TASK TO CARRY OUT
The entries that follow must be given again exactly, with no pictures kept.
-------- PROVIDED INFORMATION
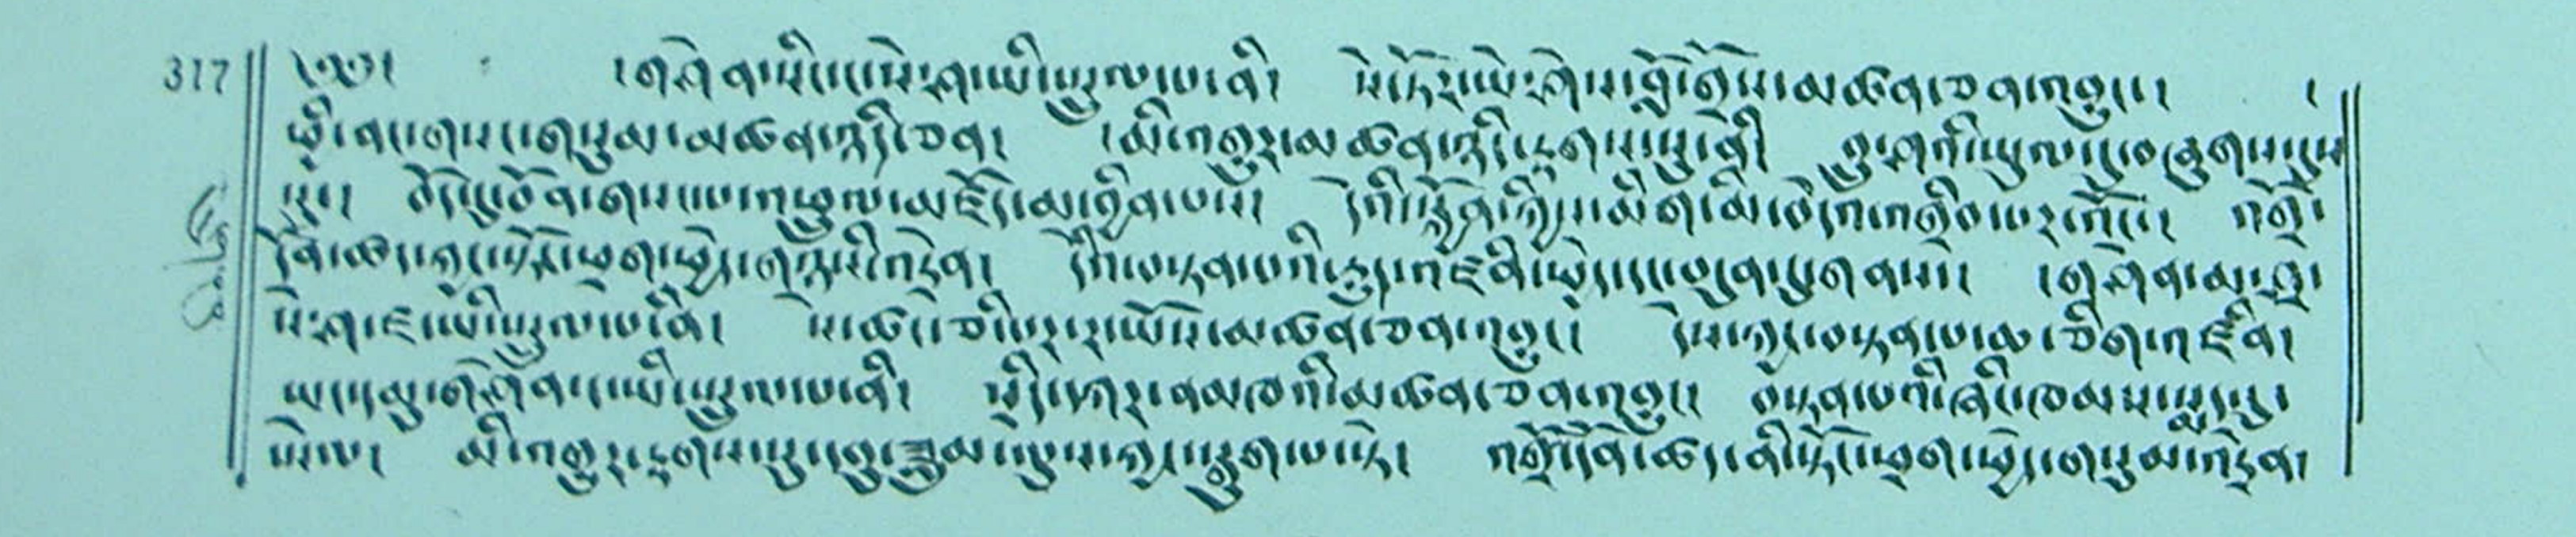༄༅། །གཤེན་སིང་ང་སེ་ཤའི་སྤྲུལ་པ་ནི། སེ་ཏོར་ཡེ་ཤེས་བློ་གྲོས་མཚན་ཅན་འབྱུང་། 
ཕྱི་ནང་གསང་གསུམ་མཚན་ཉིད་ཅན། མཚན་ཉིད་མི་འགྱུར་རྟགས་སུ་ནི། བྲུ་ཤའི་ཡུལ་དུ་བཞུགས་དུས་
སུ། བོད་དུ་བོན་གསང་བ་འཕྲུལ་མཛོད་མ་བྱིན་པས། དེའི་སྐྱོན་གྱི་མིག་མི་བདེ་འགྲིབ་པར་འོང་། འགྲོ་
དོན་ཚད་ཀྱང་སྟོང་ཕྲག་ཕྱེད་གཉིས་འདྲེན། དེའི་བསྟན་པའི་རྒྱུད་འཛིན་ཕྱེད་དང་བདུན་དུ་གནས། གཤེན་མ་ཤྲ་
སེ་ཤ་ཛ་ཡི་སྤྲུལ་པ་ནི། སེ་ཚང་ཅི་པར་ར་ཡོས་བྱ་བའི་མཚན་ཅན་འབྱུང་། དེས་ཀྱང་བསྟན་པ་ཆ་གཅིག་འཛིན། 
ཡང་དམུ་གཤེན་ང་ཡི་སྤྲུལ་པ་ནི། སྲིད་དཀར་ནམ་མཁའི་མཚན་ཅན་འབྱུང་། བསྟན་པའི་ཞིང་ཁམས་སྨད་དུ་
འཛིན། མི་འགྱུར་རྟགས་སུ་དབུ་ཟླུམ་ལུས་ཀྱང་སྒུག་པ་སྟེ། འགྲོ་དོན་ཚད་ནི་སྟོང་ཕྲག་ཕྱེད་གསུམ་འདྲེན།
----------------
WORKED SOLUTION
༄༅། །གཤེན་སིང་ང་སེ་ཤའི་སྤྲུལ་པ་ནི། སེ་ཏོར་ཡེ་ཤེས་བློ་གྲོས་མཚན་ཅན་འབྱུང་། 
ཕྱི་ནང་གསང་གསུམ་མཚན་ཉིད་ཅན། མཚན་ཉིད་མི་འགྱུར་རྟགས་སུ་ནི། བྲུ་ཤའི་ཡུལ་དུ་བཞུགས་དུས་
སུ། བོད་དུ་བོན་གསང་བ་འཕྲུལ་མཛོད་མ་བྱིན་པས། དེའི་སྐྱོན་གྱི་མིག་མི་བདེ་འགྲིབ་པར་འོང་། འགྲོ་
དོན་ཚད་ཀྱང་སྟོང་ཕྲག་ཕྱེད་གཉིས་འདྲེན། དེའི་བསྟན་པའི་རྒྱུད་འཛིན་ཕྱེད་དང་བདུན་དུ་གནས། གཤེན་མ་ཤྲ་
སེ་ཤ་ཛ་ཡི་སྤྲུལ་པ་ནི། སེ་ཚང་ཅི་པར་ར་ཡོས་བྱ་བའི་མཚན་ཅན་འབྱུང་། དེས་ཀྱང་བསྟན་པ་ཆ་གཅིག་འཛིན། 
ཡང་དམུ་གཤེན་ང་ཡི་སྤྲུལ་པ་ནི། སྲིད་དཀར་ནམ་མཁའི་མཚན་ཅན་འབྱུང་། བསྟན་པའི་ཞིང་ཁམས་སྨད་དུ་
འཛིན། མི་འགྱུར་རྟགས་སུ་དབུ་ཟླུམ་ལུས་ཀྱང་སྒུག་པ་སྟེ། འགྲོ་དོན་ཚད་ནི་སྟོང་ཕྲག་ཕྱེད་གསུམ་འདྲེན།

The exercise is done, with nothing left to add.